* **ACTIVITY**
Your task is to transcribe all of the data below exactly, omitting the images.

(Data entries)
.....

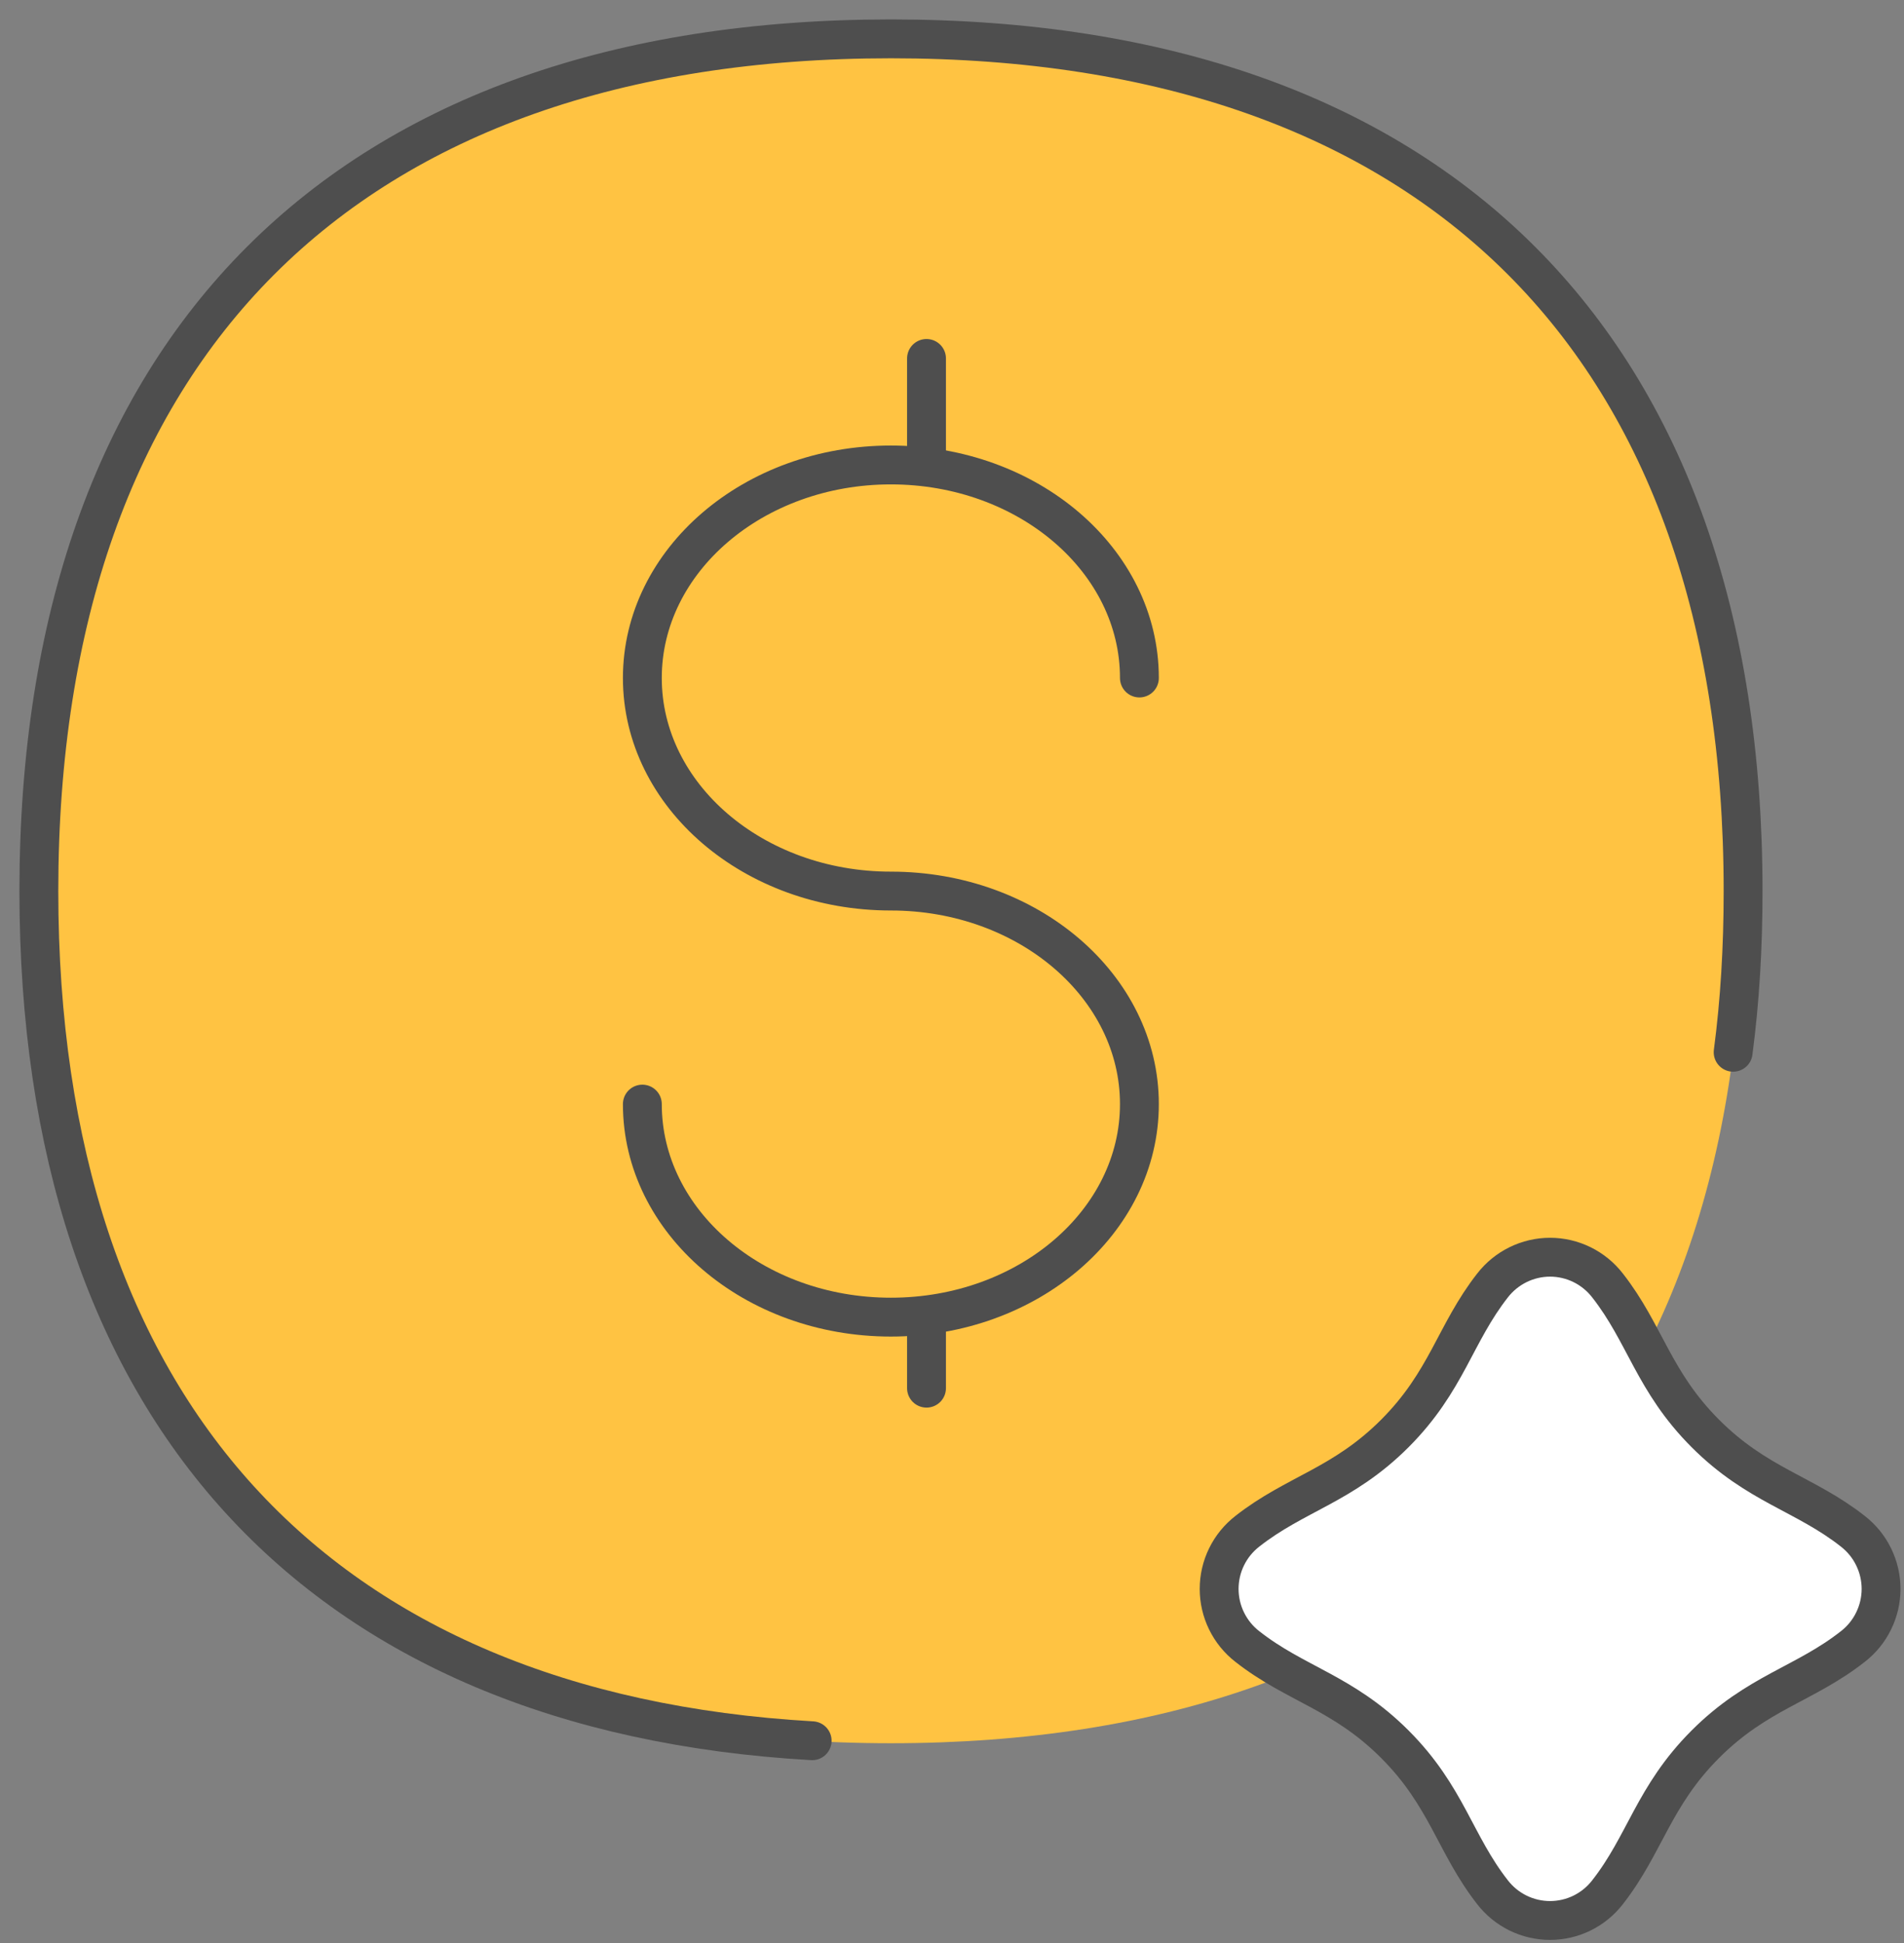 <svg width="49" height="50" viewBox="0 0 49 50" fill="none" xmlns="http://www.w3.org/2000/svg">
<rect x="0" y="0" width="49" height="50" fill="#808080" stroke="none"/>
<g id="Group 13153">
<path id="Vector" d="M22.93 44.859C36.955 44.859 44.859 36.955 44.859 22.93C44.859 8.904 36.955 1 22.93 1C8.904 1 1 8.913 1 22.93C1 36.946 8.904 44.859 22.93 44.859Z" fill="#FFC342"/>
<path id="Vector_2" d="M20.901 44.795C8.145 44.064 1 36.261 1 22.93C1 8.913 8.904 1 22.93 1C36.955 1 44.859 8.904 44.859 22.93C44.859 24.382 44.777 25.762 44.603 27.078" stroke="#4E4E4E" stroke-linecap="round" stroke-linejoin="round"/>
<path id="Vector_3" d="M23.844 33.894V35.722" stroke="#4E4E4E" stroke-linecap="round" stroke-linejoin="round"/>
<path id="Vector_4" d="M23.844 9.224V11.965" stroke="#4E4E4E" stroke-linecap="round" stroke-linejoin="round"/>
<path id="Vector_5" d="M29.323 17.447C29.323 14.423 26.463 11.965 22.927 11.965C19.391 11.965 16.531 14.423 16.531 17.447C16.531 20.472 19.391 22.93 22.927 22.93C26.463 22.93 29.323 25.387 29.323 28.412C29.323 31.436 26.463 33.894 22.927 33.894C19.391 33.894 16.531 31.436 16.531 28.412" stroke="#4E4E4E" stroke-linecap="round" stroke-linejoin="round"/>
<g id="Group 13144">
<path id="Vector 2141" d="M43.885 36.885C42.549 35.546 42.341 34.318 41.37 33.079C41.195 32.853 40.971 32.67 40.715 32.544C40.458 32.418 40.176 32.352 39.891 32.352C39.605 32.352 39.324 32.418 39.067 32.544C38.811 32.67 38.586 32.853 38.411 33.079C37.441 34.318 37.236 35.546 35.899 36.885C34.562 38.225 33.337 38.433 32.1 39.405C31.874 39.581 31.692 39.805 31.566 40.062C31.44 40.319 31.375 40.602 31.375 40.888C31.375 41.174 31.44 41.456 31.566 41.713C31.692 41.97 31.874 42.195 32.1 42.37C33.337 43.342 34.562 43.548 35.899 44.887C37.236 46.226 37.441 47.454 38.411 48.694C38.586 48.92 38.811 49.103 39.067 49.229C39.324 49.355 39.605 49.42 39.891 49.42C40.176 49.42 40.458 49.355 40.715 49.229C40.971 49.103 41.195 48.92 41.37 48.694C42.341 47.454 42.549 46.226 43.885 44.887C45.222 43.548 46.448 43.342 47.684 42.37C47.91 42.195 48.093 41.97 48.218 41.713C48.344 41.456 48.41 41.174 48.41 40.888C48.41 40.602 48.344 40.319 48.218 40.062C48.093 39.805 47.91 39.581 47.684 39.405C46.448 38.433 45.222 38.225 43.885 36.885Z" fill="white"/>
<path id="Vector 2140" d="M43.885 36.885C42.549 35.546 42.341 34.318 41.37 33.079C41.195 32.853 40.971 32.67 40.715 32.544C40.458 32.418 40.176 32.352 39.891 32.352C39.605 32.352 39.324 32.418 39.067 32.544C38.811 32.67 38.586 32.853 38.411 33.079C37.441 34.318 37.236 35.546 35.899 36.885C34.562 38.225 33.337 38.433 32.1 39.405C31.874 39.581 31.692 39.805 31.566 40.062C31.44 40.319 31.375 40.602 31.375 40.888C31.375 41.174 31.44 41.456 31.566 41.713C31.692 41.97 31.874 42.195 32.1 42.37C33.337 43.342 34.562 43.548 35.899 44.887C37.236 46.226 37.441 47.454 38.411 48.694C38.586 48.92 38.811 49.103 39.067 49.229C39.324 49.355 39.605 49.42 39.891 49.42C40.176 49.42 40.458 49.355 40.715 49.229C40.971 49.103 41.195 48.92 41.37 48.694C42.341 47.454 42.549 46.226 43.885 44.887C45.222 43.548 46.448 43.342 47.684 42.37C47.91 42.195 48.093 41.97 48.218 41.713C48.344 41.456 48.41 41.174 48.41 40.888C48.41 40.602 48.344 40.319 48.218 40.062C48.093 39.805 47.91 39.581 47.684 39.405C46.448 38.433 45.222 38.225 43.885 36.885Z" stroke="#4E4E4E" stroke-linecap="round" stroke-linejoin="round"/>
</g>
</g>
</svg>

.....

* **EXERCISE RESULT**
 <svg width="49" height="50" viewBox="0 0 49 50" fill="none" xmlns="http://www.w3.org/2000/svg">
<rect x="0" y="0" width="49" height="50" fill="#808080" stroke="none"/>
<g id="Group 13153">
<path id="Vector" d="M22.93 44.859C36.955 44.859 44.859 36.955 44.859 22.93C44.859 8.904 36.955 1 22.93 1C8.904 1 1 8.913 1 22.93C1 36.946 8.904 44.859 22.93 44.859Z" fill="#FFC342"/>
<path id="Vector_2" d="M20.901 44.795C8.145 44.064 1 36.261 1 22.93C1 8.913 8.904 1 22.93 1C36.955 1 44.859 8.904 44.859 22.93C44.859 24.382 44.777 25.762 44.603 27.078" stroke="#4E4E4E" stroke-linecap="round" stroke-linejoin="round"/>
<path id="Vector_3" d="M23.844 33.894V35.722" stroke="#4E4E4E" stroke-linecap="round" stroke-linejoin="round"/>
<path id="Vector_4" d="M23.844 9.224V11.965" stroke="#4E4E4E" stroke-linecap="round" stroke-linejoin="round"/>
<path id="Vector_5" d="M29.323 17.447C29.323 14.423 26.463 11.965 22.927 11.965C19.391 11.965 16.531 14.423 16.531 17.447C16.531 20.472 19.391 22.93 22.927 22.93C26.463 22.93 29.323 25.387 29.323 28.412C29.323 31.436 26.463 33.894 22.927 33.894C19.391 33.894 16.531 31.436 16.531 28.412" stroke="#4E4E4E" stroke-linecap="round" stroke-linejoin="round"/>
<g id="Group 13144">
<path id="Vector 2141" d="M43.885 36.885C42.549 35.546 42.341 34.318 41.37 33.079C41.195 32.853 40.971 32.67 40.715 32.544C40.458 32.418 40.176 32.352 39.891 32.352C39.605 32.352 39.324 32.418 39.067 32.544C38.811 32.67 38.586 32.853 38.411 33.079C37.441 34.318 37.236 35.546 35.899 36.885C34.562 38.225 33.337 38.433 32.1 39.405C31.874 39.581 31.692 39.805 31.566 40.062C31.44 40.319 31.375 40.602 31.375 40.888C31.375 41.174 31.44 41.456 31.566 41.713C31.692 41.97 31.874 42.195 32.1 42.37C33.337 43.342 34.562 43.548 35.899 44.887C37.236 46.226 37.441 47.454 38.411 48.694C38.586 48.92 38.811 49.103 39.067 49.229C39.324 49.355 39.605 49.42 39.891 49.42C40.176 49.42 40.458 49.355 40.715 49.229C40.971 49.103 41.195 48.92 41.37 48.694C42.341 47.454 42.549 46.226 43.885 44.887C45.222 43.548 46.448 43.342 47.684 42.37C47.91 42.195 48.093 41.97 48.218 41.713C48.344 41.456 48.41 41.174 48.41 40.888C48.41 40.602 48.344 40.319 48.218 40.062C48.093 39.805 47.91 39.581 47.684 39.405C46.448 38.433 45.222 38.225 43.885 36.885Z" fill="white"/>
<path id="Vector 2140" d="M43.885 36.885C42.549 35.546 42.341 34.318 41.37 33.079C41.195 32.853 40.971 32.67 40.715 32.544C40.458 32.418 40.176 32.352 39.891 32.352C39.605 32.352 39.324 32.418 39.067 32.544C38.811 32.67 38.586 32.853 38.411 33.079C37.441 34.318 37.236 35.546 35.899 36.885C34.562 38.225 33.337 38.433 32.1 39.405C31.874 39.581 31.692 39.805 31.566 40.062C31.44 40.319 31.375 40.602 31.375 40.888C31.375 41.174 31.44 41.456 31.566 41.713C31.692 41.97 31.874 42.195 32.1 42.37C33.337 43.342 34.562 43.548 35.899 44.887C37.236 46.226 37.441 47.454 38.411 48.694C38.586 48.92 38.811 49.103 39.067 49.229C39.324 49.355 39.605 49.42 39.891 49.42C40.176 49.42 40.458 49.355 40.715 49.229C40.971 49.103 41.195 48.92 41.37 48.694C42.341 47.454 42.549 46.226 43.885 44.887C45.222 43.548 46.448 43.342 47.684 42.37C47.91 42.195 48.093 41.97 48.218 41.713C48.344 41.456 48.41 41.174 48.41 40.888C48.41 40.602 48.344 40.319 48.218 40.062C48.093 39.805 47.91 39.581 47.684 39.405C46.448 38.433 45.222 38.225 43.885 36.885Z" stroke="#4E4E4E" stroke-linecap="round" stroke-linejoin="round"/>
</g>
</g>
</svg>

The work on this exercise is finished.